For the past 20 years, the legendary singer for Jefferson Airplane,
Jefferson Starship and later Starship has been retired
from rock arenas, preferring a quieter existence as an artist.

On March 25, Slick’s paintings of late pal Jimi Hendrix will
adorn the walls of the Georgian Terrace along with original artwork by
the late rock guitar god for a weekend saluting the performer.

Across the street at the Fox Theatre, the Experience
Hendrix 
tour hits the stage March 27.

The concert features former Hendrix bassist Billy Cox, Eric
Johnson
, Susan Tedeschi, Johnny Lang, Kenny Wayne Shepherd
and other ax men.

These days, at age 70, the silver-haired Slick paints portraits of her
fellow 1960s rock icons, including Janis Joplin, Jim Morrison and
Jerry Garcia
.

Hendrix is a frequent muse for her.

“Because they sell!” she cracks. “I have no problem labeling myself a
commercial artist. I live in Malibu. We sell stuff here.”

Slick says one of her fondest memories of Hendrix was standing backstage
and watching him light up the Monterey Pop Festival in 1968.

“We had heard each other on records but it was really the first time we
got to see artists like the Mamas and the Papas and Jimi,” she
recalls.

“We all stood there, slack-jawed, looking like idiots, saying ‘Holy
[expletive] look at that guy!’ He not only played well but he was
setting his guitar on fire! For me, Jimi, aside from the Beatles,
represents the ’60s more than any other individual.”
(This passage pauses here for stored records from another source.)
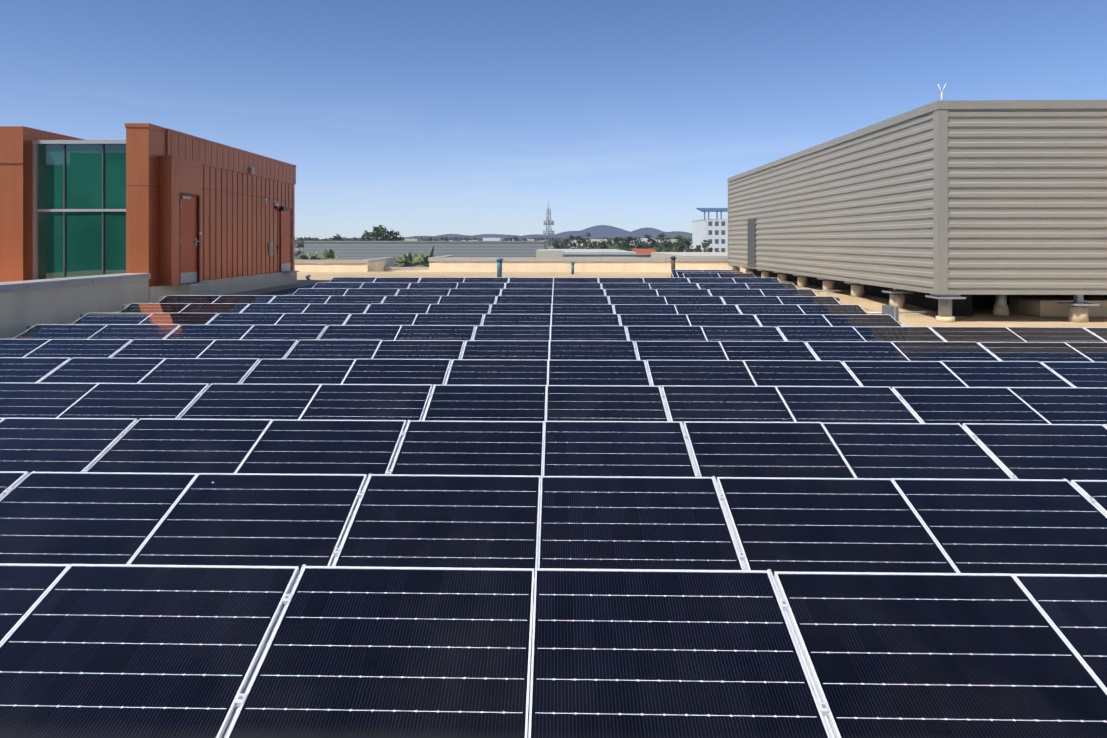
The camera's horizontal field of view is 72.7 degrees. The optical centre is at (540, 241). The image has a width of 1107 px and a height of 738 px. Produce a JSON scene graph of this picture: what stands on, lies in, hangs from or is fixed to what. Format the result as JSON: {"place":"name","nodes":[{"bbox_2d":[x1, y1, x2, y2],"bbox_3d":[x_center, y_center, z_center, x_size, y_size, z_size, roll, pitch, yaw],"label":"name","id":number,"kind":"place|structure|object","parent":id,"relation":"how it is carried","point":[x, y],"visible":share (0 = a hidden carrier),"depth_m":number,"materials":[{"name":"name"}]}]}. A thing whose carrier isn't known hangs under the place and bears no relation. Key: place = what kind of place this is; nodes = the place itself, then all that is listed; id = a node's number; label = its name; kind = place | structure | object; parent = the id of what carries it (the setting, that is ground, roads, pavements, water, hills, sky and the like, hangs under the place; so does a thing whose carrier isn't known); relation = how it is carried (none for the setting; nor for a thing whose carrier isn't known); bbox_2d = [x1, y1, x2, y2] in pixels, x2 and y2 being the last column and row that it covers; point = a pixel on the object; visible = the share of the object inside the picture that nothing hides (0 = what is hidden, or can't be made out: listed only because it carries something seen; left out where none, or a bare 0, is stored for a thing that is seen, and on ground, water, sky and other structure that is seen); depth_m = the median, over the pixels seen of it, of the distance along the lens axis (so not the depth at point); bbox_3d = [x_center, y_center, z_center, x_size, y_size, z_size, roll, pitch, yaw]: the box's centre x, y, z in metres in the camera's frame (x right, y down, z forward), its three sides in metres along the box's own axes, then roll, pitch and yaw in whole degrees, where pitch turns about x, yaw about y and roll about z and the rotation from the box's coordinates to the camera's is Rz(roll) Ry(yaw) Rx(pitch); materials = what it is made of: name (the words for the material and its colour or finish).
{"place":"outdoors","nodes":[
{"label":"outdoors","id":0,"kind":"place"},
{"bbox_2d":[303,241,546,266],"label":"long grey building","id":1,"kind":"structure","parent":0,"point":[355,250],"depth_m":150.54,"materials":[{"name":"grey metal"}]},
{"bbox_2d":[295,243,571,259],"bbox_3d":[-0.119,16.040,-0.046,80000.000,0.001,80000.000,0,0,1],"label":"shrubs","id":2,"kind":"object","parent":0,"point":[297,249],"depth_m":1540.75,"materials":[{"name":"green plant"}]},
{"bbox_2d":[543,205,554,248],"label":"telecom tower","id":3,"kind":"structure","parent":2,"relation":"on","point":[548,223],"depth_m":299.44,"materials":[{"name":"grey metal"}]},
{"bbox_2d":[225,272,1106,731],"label":"roof","id":4,"kind":"structure","parent":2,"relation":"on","point":[869,302],"depth_m":18.92,"materials":[{"name":"beige concrete"}]},
{"bbox_2d":[52,288,214,323],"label":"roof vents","id":5,"kind":"object","parent":4,"relation":"on","point":[211,290],"visible":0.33,"depth_m":18.87,"materials":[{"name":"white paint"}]},
{"bbox_2d":[0,272,296,337],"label":"parapet wall","id":6,"kind":"structure","parent":4,"relation":"on","point":[20,311],"depth_m":14.74,"materials":[{"name":"grey concrete"}]},
{"bbox_2d":[0,273,150,292],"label":"parapet coping","id":7,"kind":"object","parent":6,"relation":"on","point":[12,286],"visible":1,"depth_m":14.03,"materials":[{"name":"metal"}]},
{"bbox_2d":[125,123,295,286],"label":"building wall","id":8,"kind":"structure","parent":4,"relation":"on","point":[232,216],"depth_m":19.25,"materials":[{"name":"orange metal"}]},
{"bbox_2d":[178,167,298,285],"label":"wall fixtures","id":9,"kind":"object","parent":8,"relation":"attached to","point":[187,278],"visible":0.79,"depth_m":18.54,"materials":[{"name":"metal"}]},
{"bbox_2d":[257,284,314,295],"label":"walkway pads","id":10,"kind":"object","parent":4,"relation":"on","point":[285,291],"visible":0.33,"depth_m":21.61,"materials":[{"name":"grey concrete"}]},
{"bbox_2d":[0,281,937,338],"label":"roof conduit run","id":11,"kind":"object","parent":4,"relation":"on","point":[893,312],"visible":0.23,"depth_m":14.56,"materials":[{"name":"metal"}]},
{"bbox_2d":[305,256,675,279],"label":"vent pipes","id":12,"kind":"object","parent":4,"relation":"on","point":[499,266],"visible":0.67,"depth_m":29.90,"materials":[{"name":"grey"}]},
{"bbox_2d":[295,260,744,271],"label":"parapet wall","id":13,"kind":"structure","parent":4,"relation":"on","point":[552,266],"depth_m":35.47,"materials":[{"name":"beige concrete"}]},
{"bbox_2d":[295,255,727,268],"bbox_3d":[7.785,1.115,38.252,46.000,0.687,6.052,0,0,1],"label":"parapet coping","id":14,"kind":"object","parent":13,"relation":"on","point":[447,258],"visible":0.42,"depth_m":35.51,"materials":[{"name":"metal"}]},
{"bbox_2d":[3,278,1095,737],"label":"solar racking","id":15,"kind":"object","parent":4,"relation":"on","point":[785,606],"visible":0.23,"depth_m":4.64,"materials":[{"name":"silver metal"}]},
{"bbox_2d":[0,270,1106,737],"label":"solar panel frames","id":16,"kind":"structure","parent":4,"relation":"on","point":[534,584],"depth_m":5.26,"materials":[{"name":"silver metal"}]},
{"bbox_2d":[0,270,1106,737],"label":"solar panels","id":17,"kind":"object","parent":16,"relation":"in","point":[126,652],"visible":0.98,"depth_m":4.76,"materials":[{"name":"blue glass"}]},
{"bbox_2d":[798,288,1026,314],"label":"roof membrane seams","id":18,"kind":"object","parent":4,"relation":"on","point":[866,309],"visible":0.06,"depth_m":16.17,"materials":[{"name":"beige"}]},
{"bbox_2d":[729,265,1099,322],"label":"support piers","id":19,"kind":"structure","parent":4,"relation":"on","point":[1078,311],"depth_m":15.31,"materials":[{"name":"concrete"}]},
{"bbox_2d":[727,100,1106,294],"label":"louvered equipment enclosure","id":20,"kind":"object","parent":19,"relation":"on","point":[973,197],"visible":1,"depth_m":14.95,"materials":[{"name":"grey metal"}]},
{"bbox_2d":[938,83,945,99],"bbox_3d":[8.127,-2.992,15.214,0.165,0.403,0.036,0,0,1],"label":"roof mast","id":21,"kind":"object","parent":20,"relation":"on","point":[941,91],"visible":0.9,"depth_m":15.20,"materials":[{"name":"white metal"}]},
{"bbox_2d":[753,269,1106,316],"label":"screen plant","id":22,"kind":"object","parent":4,"relation":"on","point":[1041,305],"visible":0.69,"depth_m":16.36,"materials":[{"name":"metal"}]},
{"bbox_3d":[-12.442,8.525,18.249,6.500,15.030,16.000,0,0,1],"label":"upper roof slab","id":23,"kind":"object","parent":2,"relation":"on","visible":0},
{"bbox_2d":[0,126,84,281],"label":"curtain wall building","id":24,"kind":"structure","parent":23,"relation":"on","point":[16,204],"depth_m":17.86,"materials":[{"name":"orange metal"}]},
{"bbox_2d":[32,140,125,279],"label":"curtain wall mullions","id":25,"kind":"object","parent":24,"relation":"attached to","point":[35,143],"visible":0.54,"depth_m":18.18,"materials":[{"name":"silver metal"}]},
{"bbox_2d":[38,144,125,278],"bbox_3d":[-10.701,-0.680,18.208,3.018,3.339,0.001,0,0,1],"label":"curtain wall glass","id":26,"kind":"object","parent":25,"relation":"in","point":[83,190],"visible":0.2,"depth_m":18.22,"materials":[{"name":"green glass"}]},
{"bbox_2d":[329,225,691,239],"bbox_3d":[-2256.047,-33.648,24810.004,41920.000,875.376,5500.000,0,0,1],"label":"mountains","id":27,"kind":"structure","parent":0,"point":[597,231],"depth_m":21967.96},
{"bbox_2d":[405,234,691,241],"bbox_3d":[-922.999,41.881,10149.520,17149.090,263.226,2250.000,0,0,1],"label":"trees","id":28,"kind":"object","parent":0,"point":[686,236],"depth_m":8965.27,"materials":[{"name":"green plant"}]},
{"bbox_2d":[0,0,1106,239],"label":"sky","id":29,"kind":"structure","parent":0,"point":[410,118],"materials":[{"name":"blue"}]},
{"bbox_2d":[404,238,727,256],"bbox_3d":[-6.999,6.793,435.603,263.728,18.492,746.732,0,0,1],"label":"city blocks","id":30,"kind":"structure","parent":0,"point":[580,253],"depth_m":87.06,"materials":[{"name":"paint"}]},
{"bbox_2d":[630,249,656,256],"bbox_3d":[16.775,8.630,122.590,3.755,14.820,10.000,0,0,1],"label":"tile roof house","id":31,"kind":"structure","parent":0,"point":[643,252],"depth_m":120.14,"materials":[{"name":"tile"}]},
{"bbox_2d":[692,208,727,251],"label":"office block","id":32,"kind":"structure","parent":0,"point":[714,232],"depth_m":298.96,"materials":[{"name":"white"}]}
]}

“When he played. it was with his whole being. Politically, he went from
being pro war to being anti war. He wasn’t a stoop. Jimi just went for
it. Here he was, a black man in a largely white music genre and he just
went for it.”

Still, Slick, who famously bedded the lead singer of The Doors
and later wrote about it in her autobiography, has one regret about
Hendrix.

“We never did it and I’m really sorry about that!” she concedes,
laughing.

Aside from the commercial prospects, Slick says there’s a reason she’s
drawn to her 1960s musical peers as subjects.

“Back then, we didn’t have to be good looking,” she laughs. “We just had
to play music. We didn’t have to look like a Barbie doll. There are a
lot of really interesting faces from back then as a result.”

And Slick doesn’t regret her decision to retire from rock either.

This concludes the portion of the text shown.